What to work on ->
Reading through the lines below, count those that include the string "path"; the answer is that number and nothing else.

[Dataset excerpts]
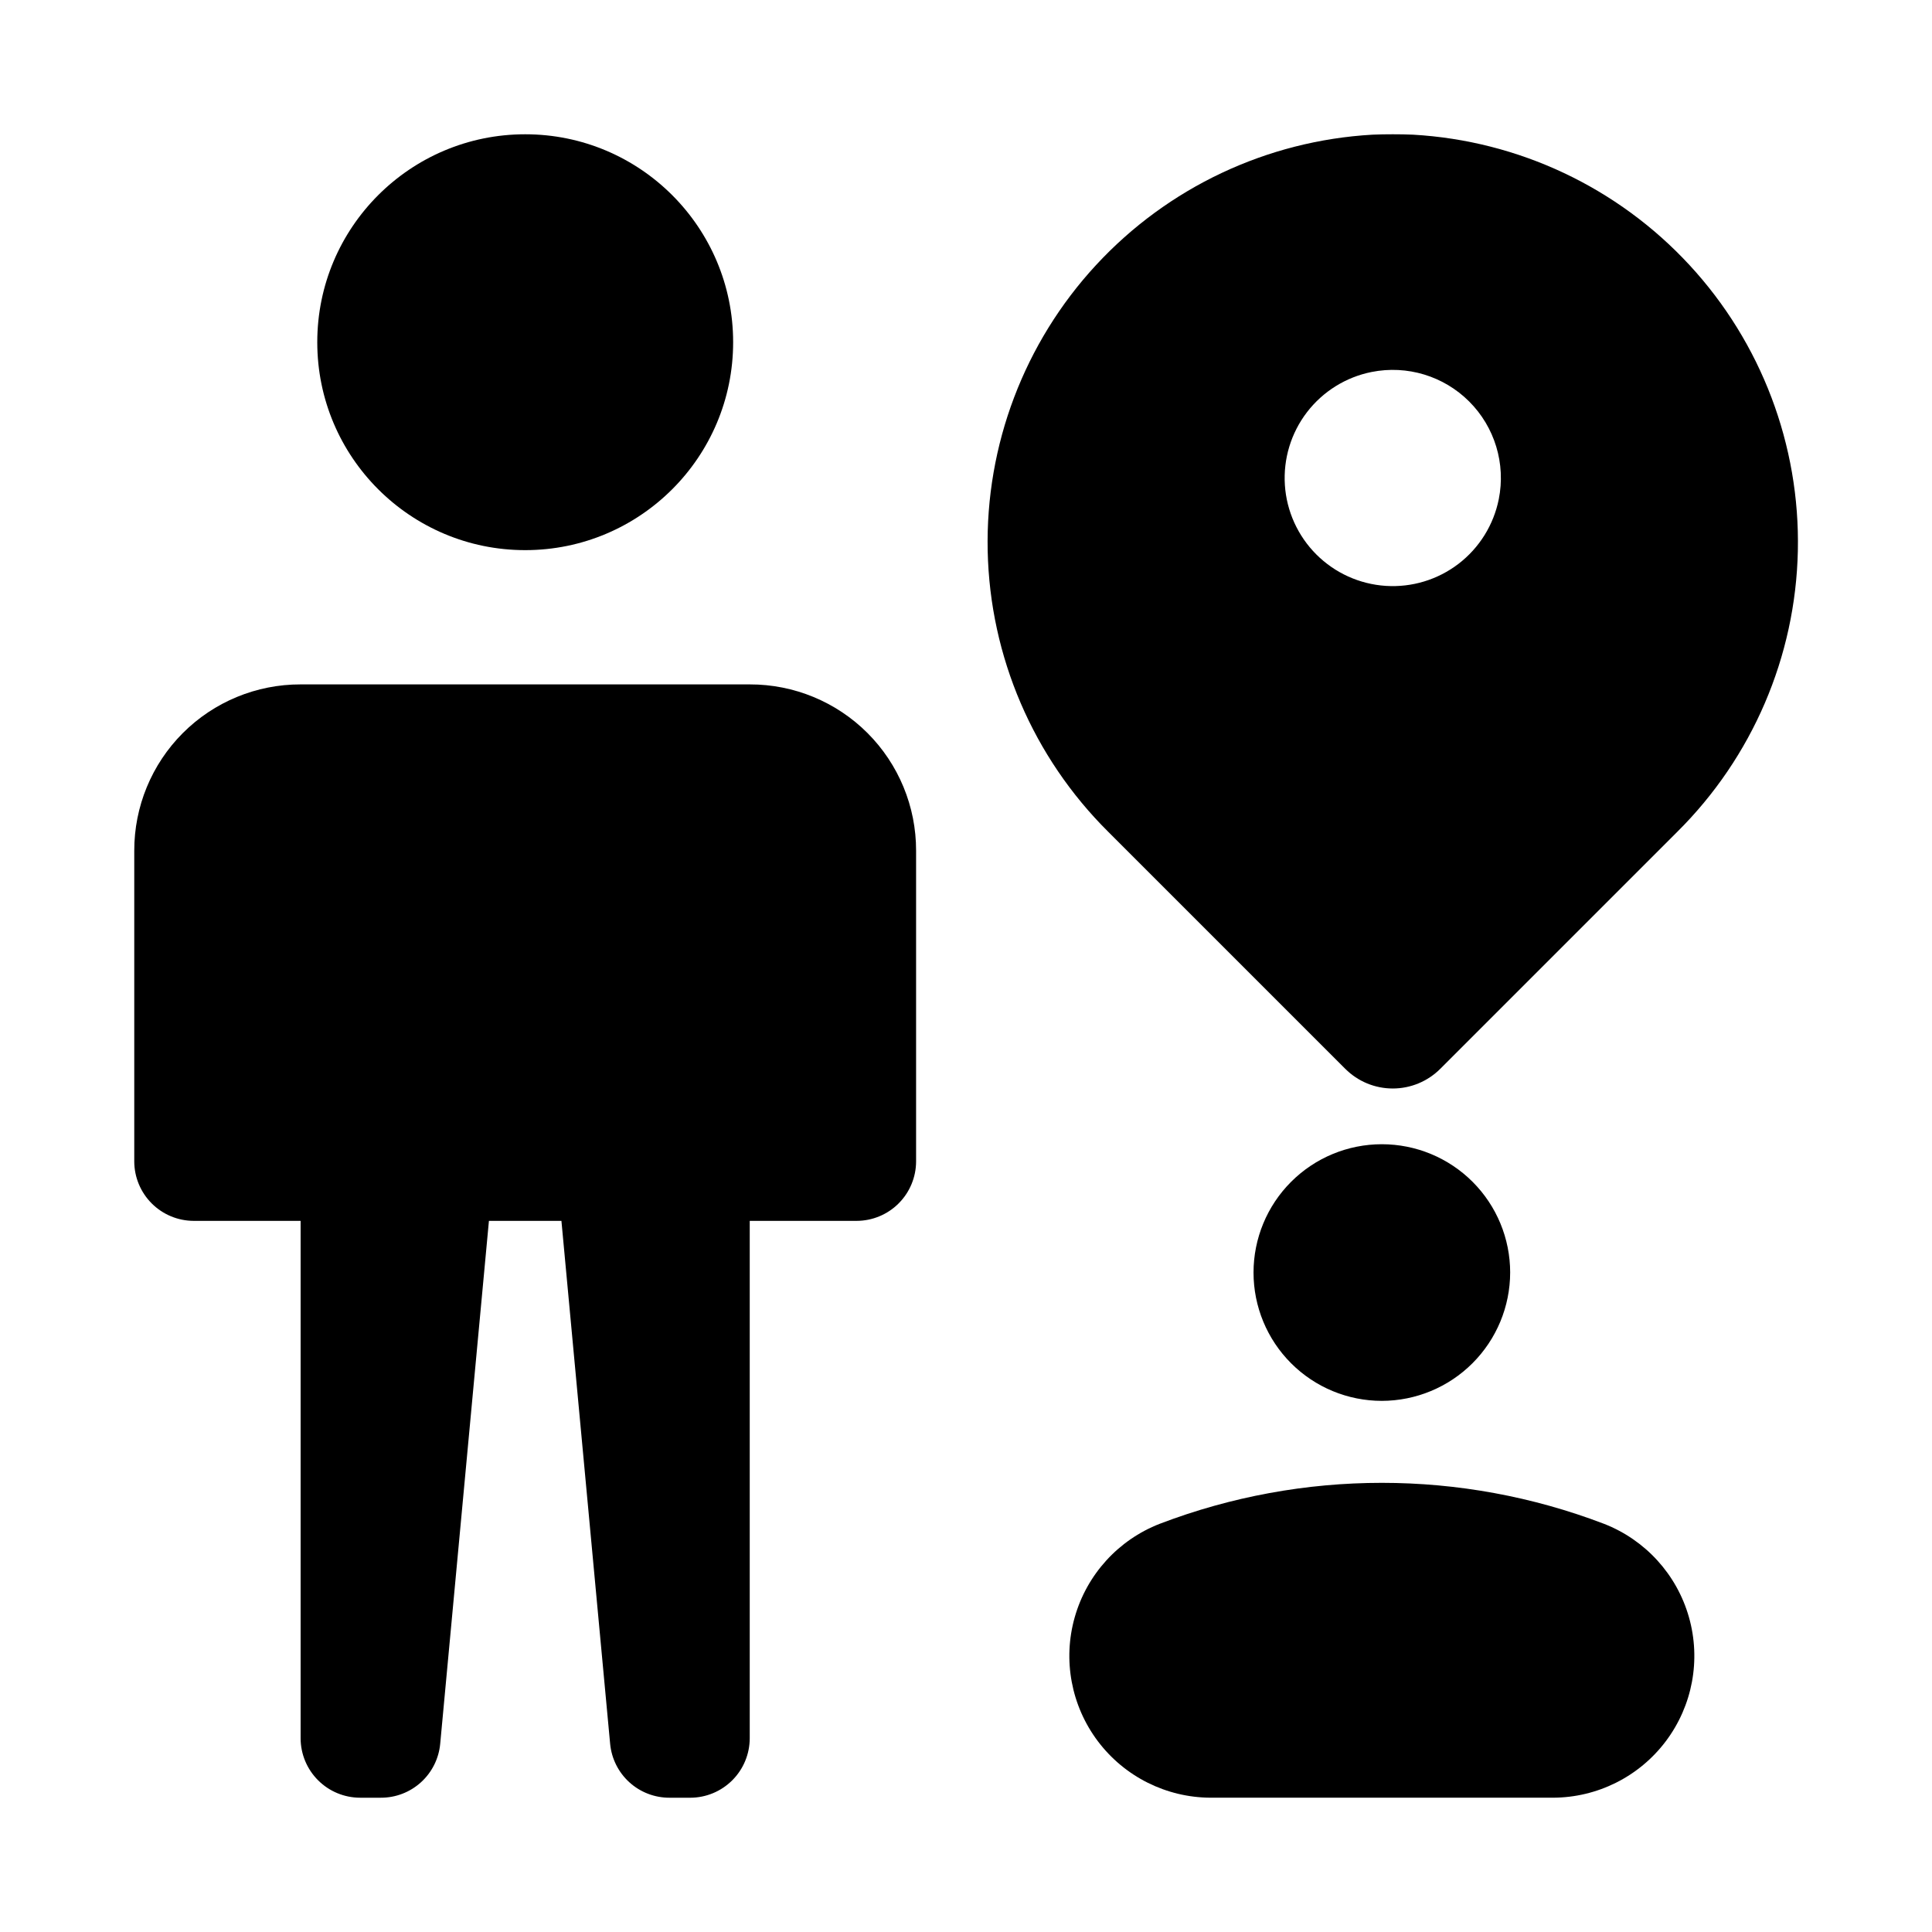 <?xml version="1.0" encoding="UTF-8"?>
<!-- Uploaded to: SVG Repo, www.svgrepo.com, Generator: SVG Repo Mixer Tools -->
<svg fill="#000000" width="800px" height="800px" version="1.1" viewBox="144 144 512 512" xmlns="http://www.w3.org/2000/svg">
 <g>
  <path d="m544.21 481.24c0-9.02-3.582-17.672-9.961-24.047-6.379-6.379-15.027-9.961-24.047-9.961s-17.668 3.582-24.043 9.961c-6.379 6.375-9.961 15.027-9.961 24.047 0 9.016 3.582 17.668 9.961 24.043 6.375 6.379 15.023 9.961 24.043 9.961 9.016-0.016 17.656-3.606 24.027-9.977 6.375-6.375 9.965-15.016 9.98-24.027z"/>
  <path d="m464.86 620.41h90.688-0.004c11.766-0.031 22.832-5.566 29.91-14.961s9.348-21.562 6.133-32.875c-3.211-11.316-11.539-20.469-22.5-24.742-37.918-14.484-79.848-14.484-117.77 0-10.957 4.269-19.285 13.426-22.5 24.742-3.215 11.312-0.945 23.48 6.133 32.875 7.078 9.391 18.145 14.93 29.906 14.961z"/>
  <path d="m518.46 179.69c-1.77-0.078-3.566-0.105-5.363-0.105s-3.59 0.027-5.363 0.105c-27.977 1.59-54.246 13.977-73.273 34.555-19.023 20.578-29.316 47.734-28.715 75.754 0.605 28.016 12.062 54.707 31.957 74.445l62.809 62.809v-0.004c3.336 3.34 7.863 5.215 12.586 5.215s9.25-1.875 12.59-5.215l62.809-62.809-0.004 0.004c19.895-19.738 31.352-46.43 31.957-74.445 0.605-28.02-9.691-55.176-28.715-75.754-19.023-20.578-45.293-32.965-73.273-34.555zm22.734 96.586c-1.359 6.812-5.148 12.902-10.66 17.133-5.516 4.231-12.379 6.309-19.312 5.856-6.938-0.457-13.469-3.418-18.383-8.332-4.914-4.914-7.875-11.445-8.332-18.379-0.453-6.938 1.625-13.801 5.856-19.316 4.231-5.512 10.32-9.301 17.133-10.66 9.391-1.875 19.094 1.066 25.863 7.836 6.769 6.769 9.711 16.473 7.836 25.863z"/>
  <path d="m338.29 234.69c0 30.434-24.672 55.102-55.105 55.102-30.434 0-55.105-24.668-55.105-55.102s24.672-55.105 55.105-55.105c30.434 0 55.105 24.672 55.105 55.105"/>
  <path d="m179.58 451.8c0.012 4.172 1.676 8.168 4.625 11.117 2.949 2.953 6.949 4.613 11.121 4.625h28.34v137.13c0.012 4.172 1.672 8.168 4.625 11.117 2.949 2.953 6.945 4.613 11.117 4.625h5.508c3.941 0.016 7.746-1.449 10.66-4.102s4.731-6.297 5.086-10.223l12.91-138.55h19.211l12.906 138.55v0.004c0.359 3.922 2.176 7.57 5.09 10.223s6.715 4.113 10.656 4.102h5.512c4.172-0.012 8.168-1.676 11.117-4.625 2.953-2.949 4.613-6.949 4.625-11.121v-137.13h28.34c4.172-0.012 8.172-1.672 11.121-4.625 2.949-2.949 4.613-6.945 4.625-11.117v-82.344c0.023-11.699-4.613-22.926-12.883-31.199-8.273-8.273-19.504-12.91-31.203-12.883h-119.02c-11.699-0.027-22.93 4.609-31.203 12.883-8.273 8.273-12.906 19.5-12.883 31.199z"/>
 </g>
</svg>

Response ->
5